Another disturbing discovery related to the Mortgage Electronic Registry System (MERS). In 1995 the bigger banks created MERS as a privately owned electronic system for registering mortgage sales that was supposed to replace local county recording. In the words of the New York Attorney General’s Office, they did so “to allow financial institutions to evade local county recording fees, avoid the hassle and paperwork of publicly recording mortgage transfers, and facilitate the rapid sale and securitization of mortgages.” The San Francisco audit found that in 58% of cases, the loan beneficiary listed on the deed of sale was different from the one listed in the MERS database.

Audit Uncovers Extensive Flaws in Foreclosures

By GRETCHEN MORGENSON, The New York Times

Published: February 15, 2012

(T)he detailed and comprehensive nature of the San Francisco findings suggest how pervasive foreclosure irregularities may be across the nation.



The depth of the problem raises questions about whether at least some foreclosures should be considered void, Mr.
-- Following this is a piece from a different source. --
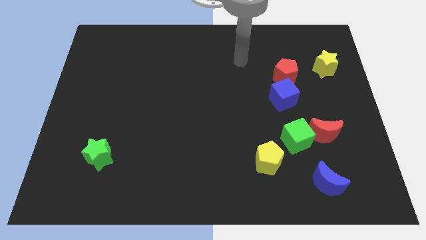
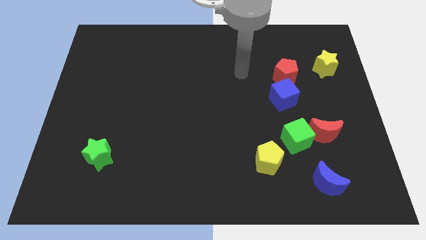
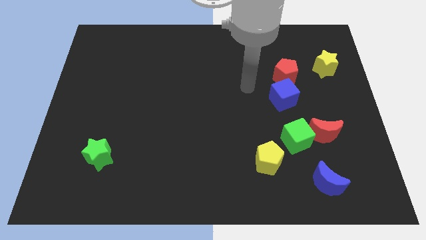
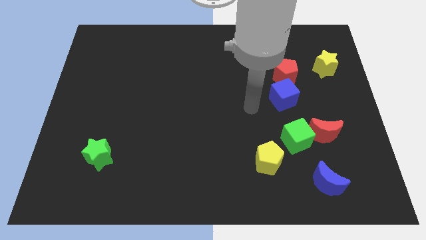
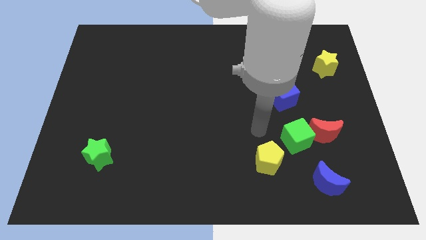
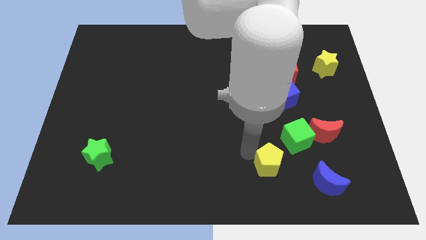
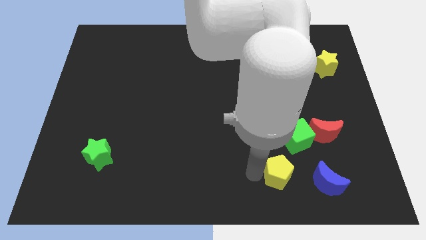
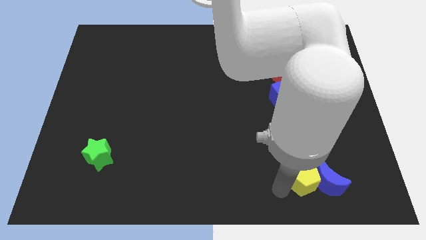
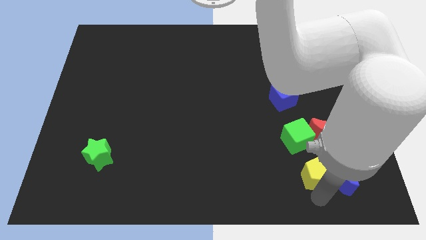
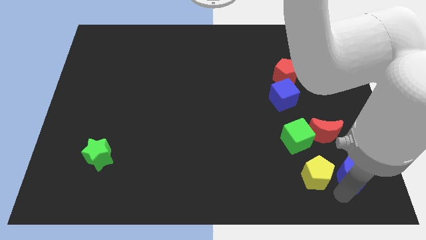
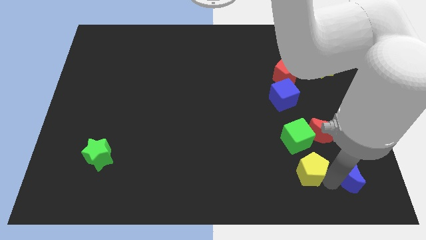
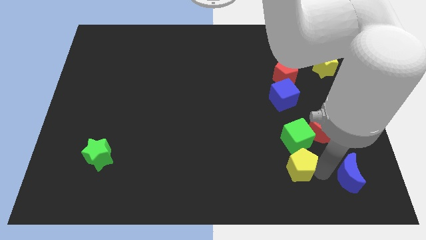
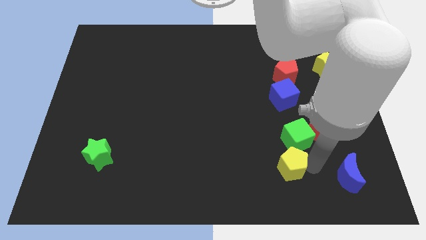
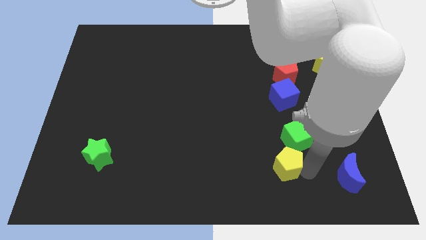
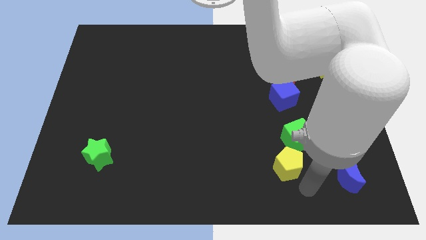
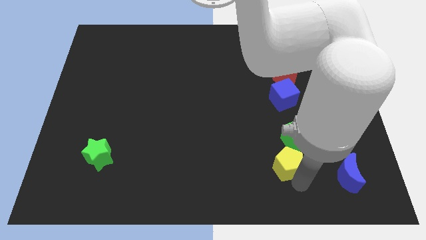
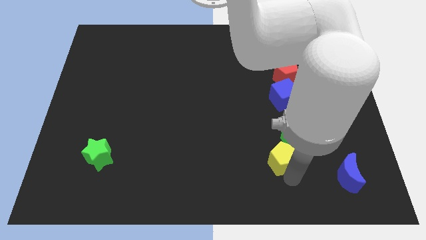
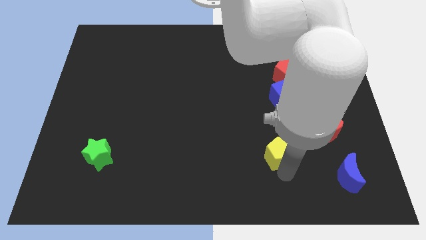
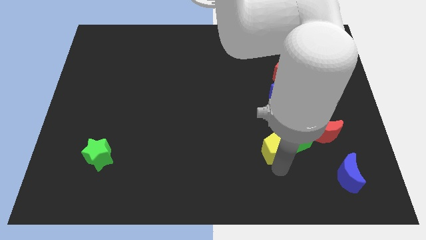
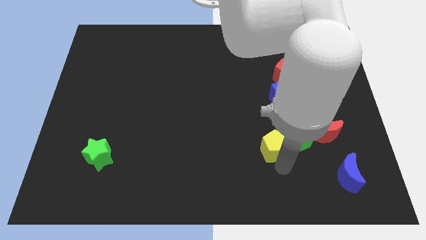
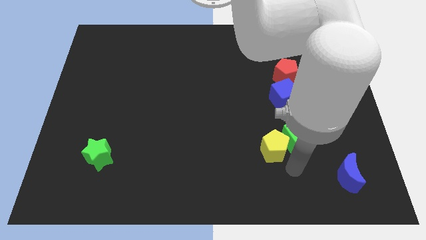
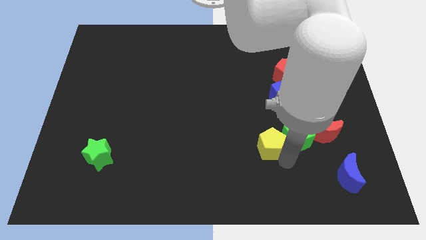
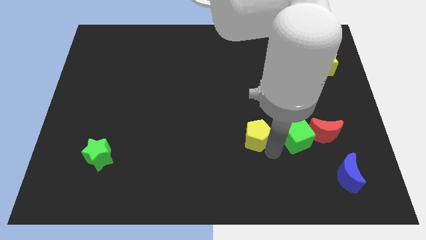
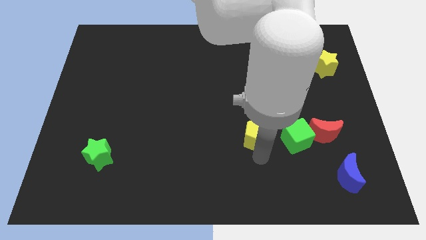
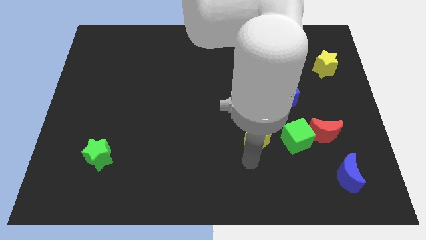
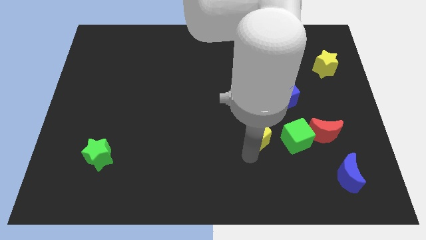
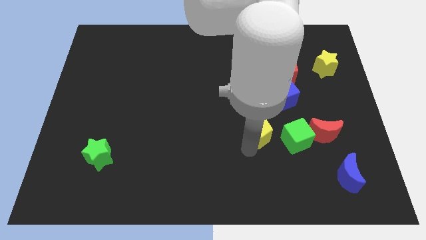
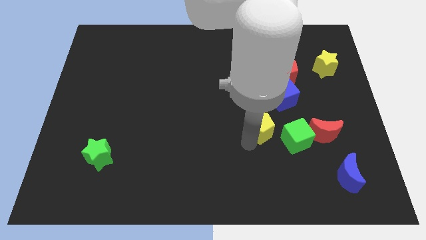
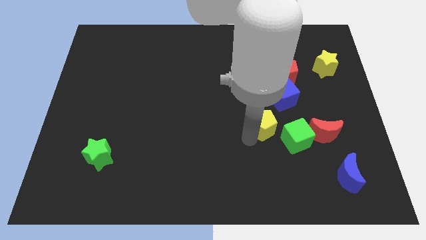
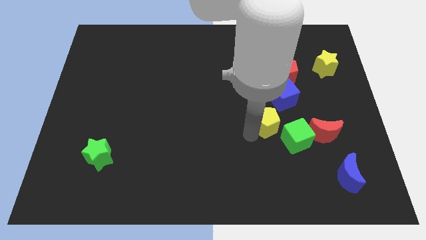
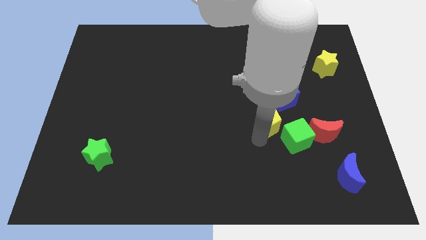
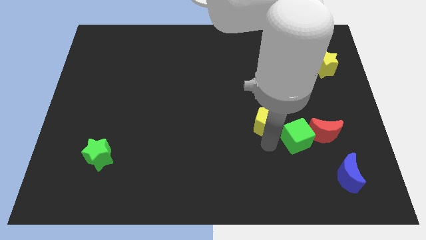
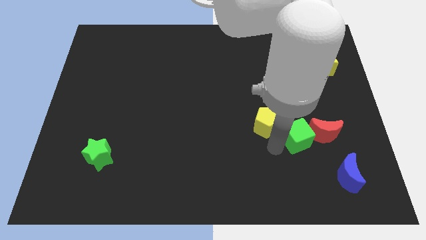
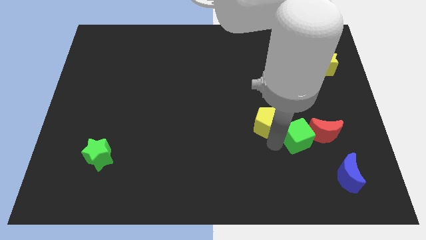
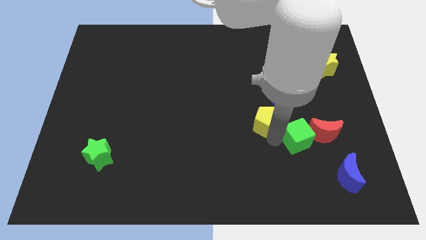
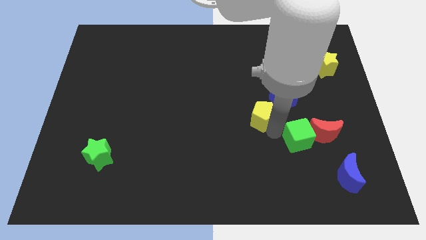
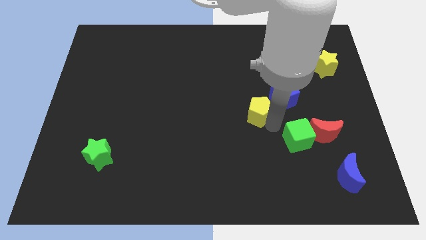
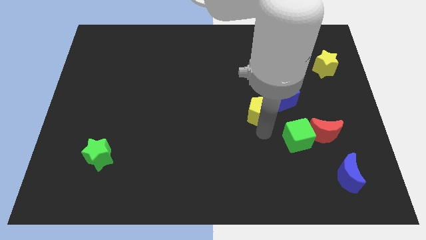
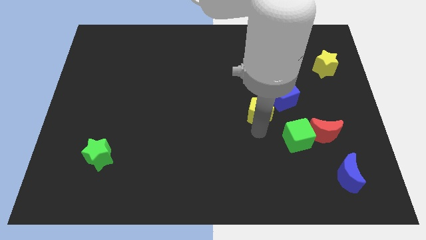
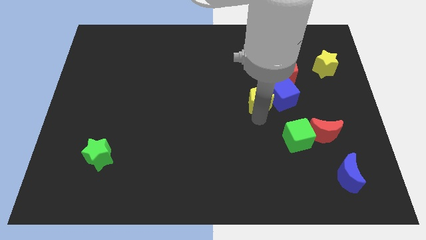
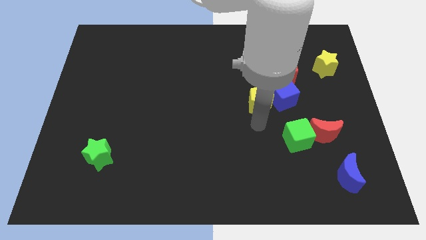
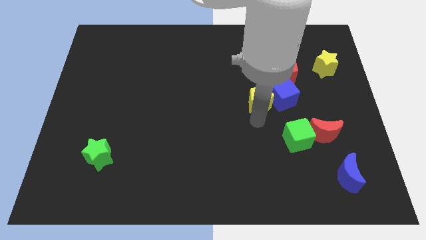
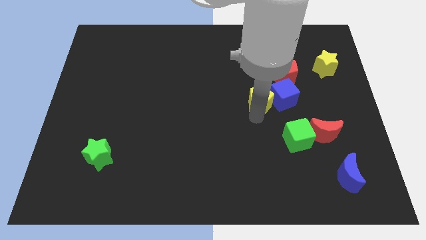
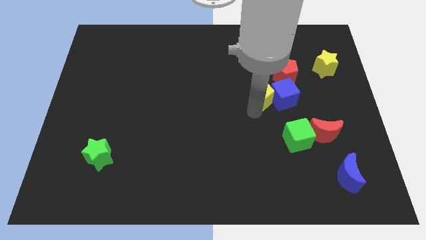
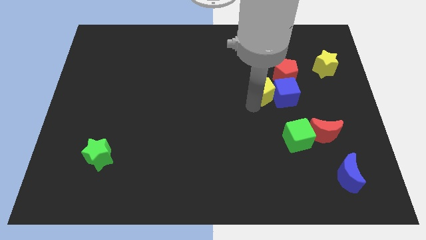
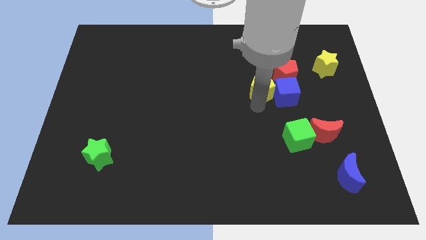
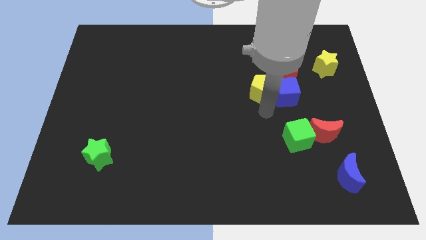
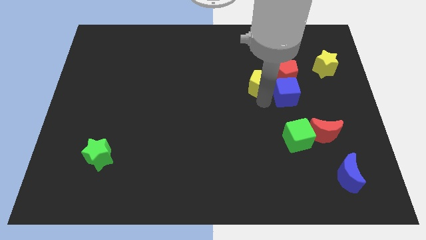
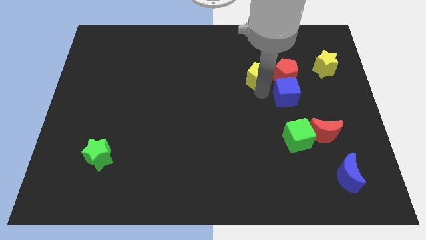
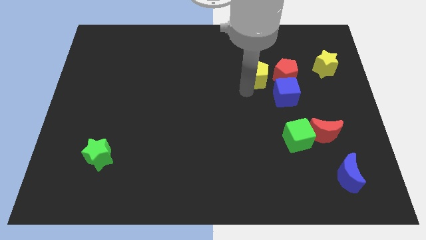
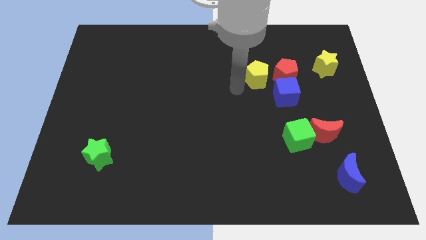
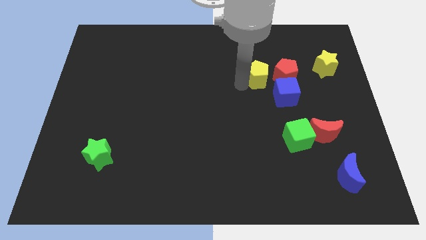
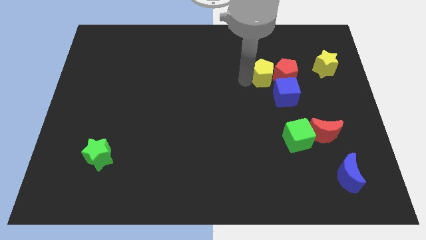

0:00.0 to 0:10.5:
slide the yellow pentagon to the top of the blue cube

Ting said. “We’re not saying that every consumer should not have been foreclosed on or every lender is a bad actor, but there are significant and troubling issues,” he said.

California has been among the states hurt the most by the mortgage crisis. Because its laws, like those of 29 other states, do not require a judge to oversee foreclosures, the conduct of banks in the process is rarely scrutinized. Mr. Ting said his report was the first rigorous analysis of foreclosure improprieties in California and that it cast doubt on the validity of almost every foreclosure it examined.

“Clearly, we need to set up a process where lenders are following every part of the law,” Mr. Ting said in the interview. “It is very apparent that the system is broken from many different vantage points.”



The report contradicted the contentions of many banks that foreclosure improprieties did little harm because the borrowers were behind on their mortgages and should have been evicted anyway. “We can deduce from the public evidence,” the report noted, “that there are indeed legitimate victims in the mortgage crisis. Whether these homeowners are systematically being deprived of legal safeguards and due process rights is an important question.”